Additionally, from the research I attained through conversations within my group and workshop debates, it is apparent that the idea of “women in rock music” is a problematic concept in itself. Already, from this statement, women are segregated from rock music through the arguments surrounding the gender binaries that reflect upon contemporary society. Why not just discuss “rock music”? Why “women in rock music” This is because rock ‘n roll is seen as a male domineering culture and that women who are rock ‘n roll artists are either unsatisfactory musicians or simply masculine. What about femininity!?
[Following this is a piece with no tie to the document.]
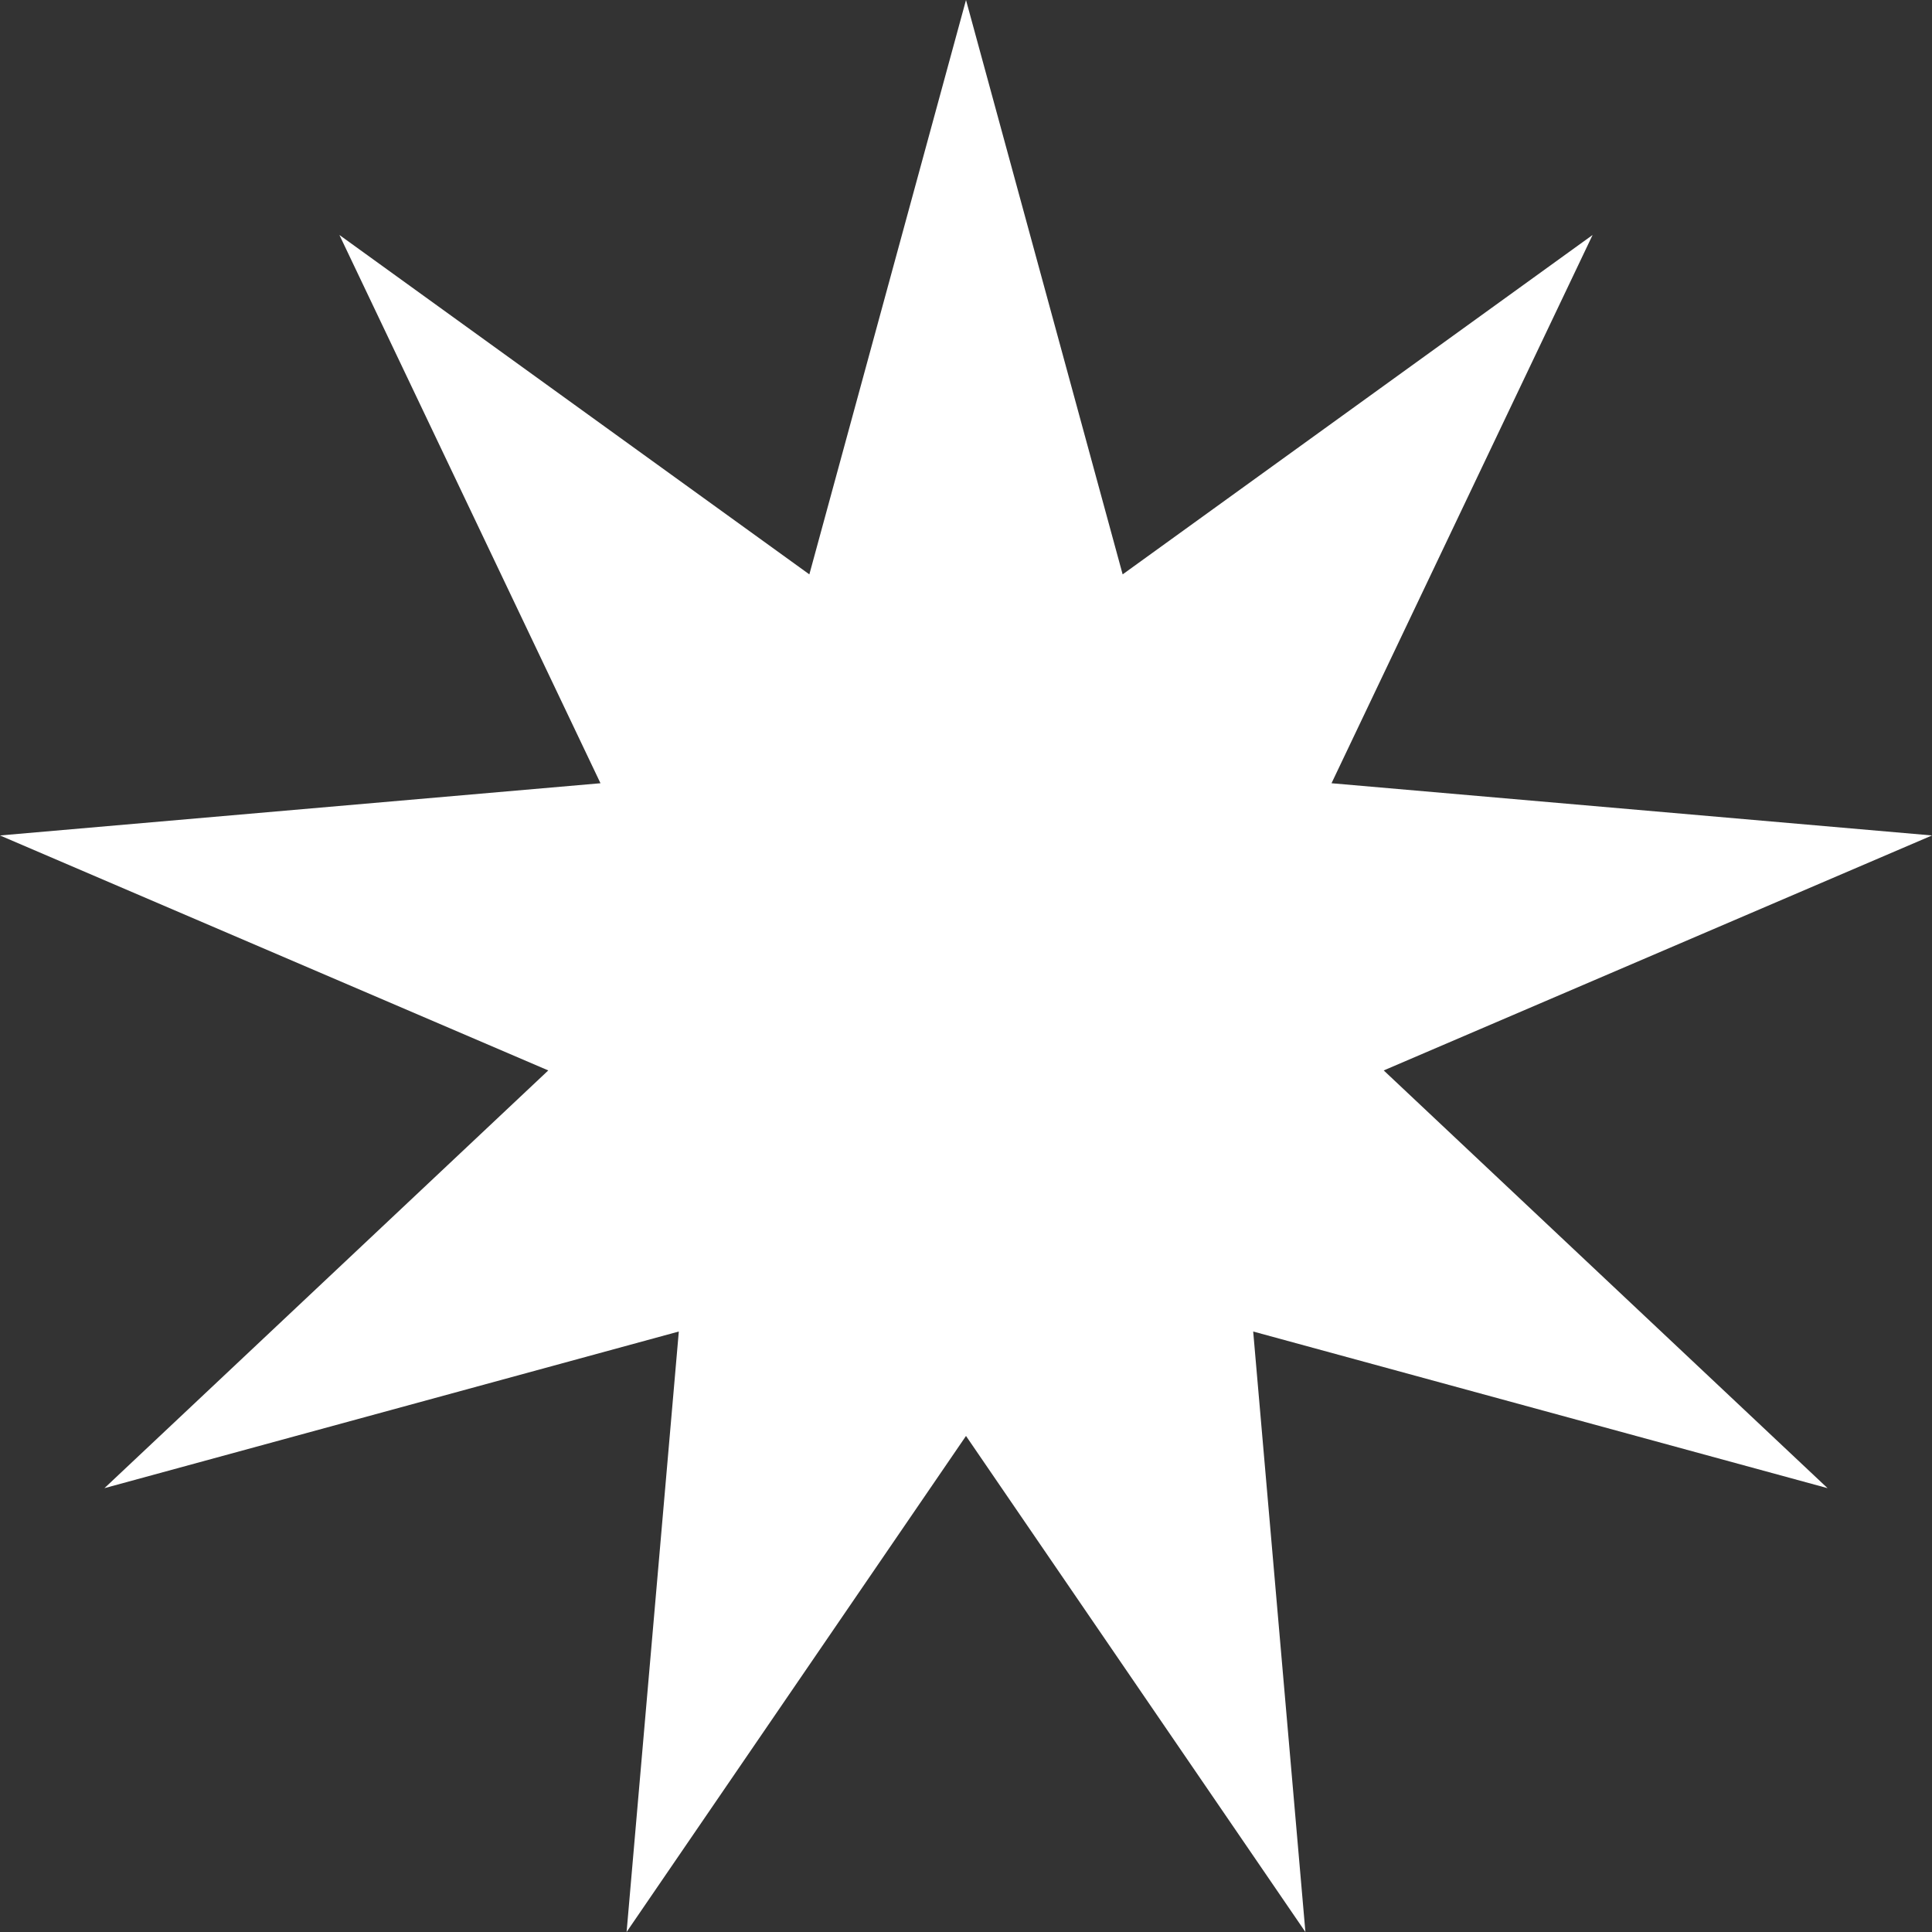 <svg xmlns="http://www.w3.org/2000/svg" fill="#fff" viewBox="0 0 74 74"><rect x="0" y="0" width="74" height="74" fill="#333333" stroke="none"/><defs></defs><g id="Layer_2" data-name="Layer 2"><g id="Layer_1-2" data-name="Layer 1"><polygon class="cls-1" points="37 0 43 22 61 9 51 30 74 32 53 41 70 57 48 51 50 74 37 55 24 74 26 51 4 57 21 41 0 32 23 30 13 9 31 22 37 0"></polygon></g></g></svg>

Performance also plays a key role in distinuishing female musicians as rock artists. “Punk performer Siouxsie Sioux of the well known British band Siouxsie and the Banshees offered a visual challenge to the conventions of female stage performance during the late 1970′ by adopting a a confrontational, overtly sexual stage persona-she dressed in militaristic style, thigh high boots, black satin shorts and a Tshirt with a an image of a piar of breasts. Her face make-up was heavily applied, creating a mask rather than acting as conventional enhancement. The image she presented, along with other female punk performers of the time, was intended to challenge conventional female “prettiness.”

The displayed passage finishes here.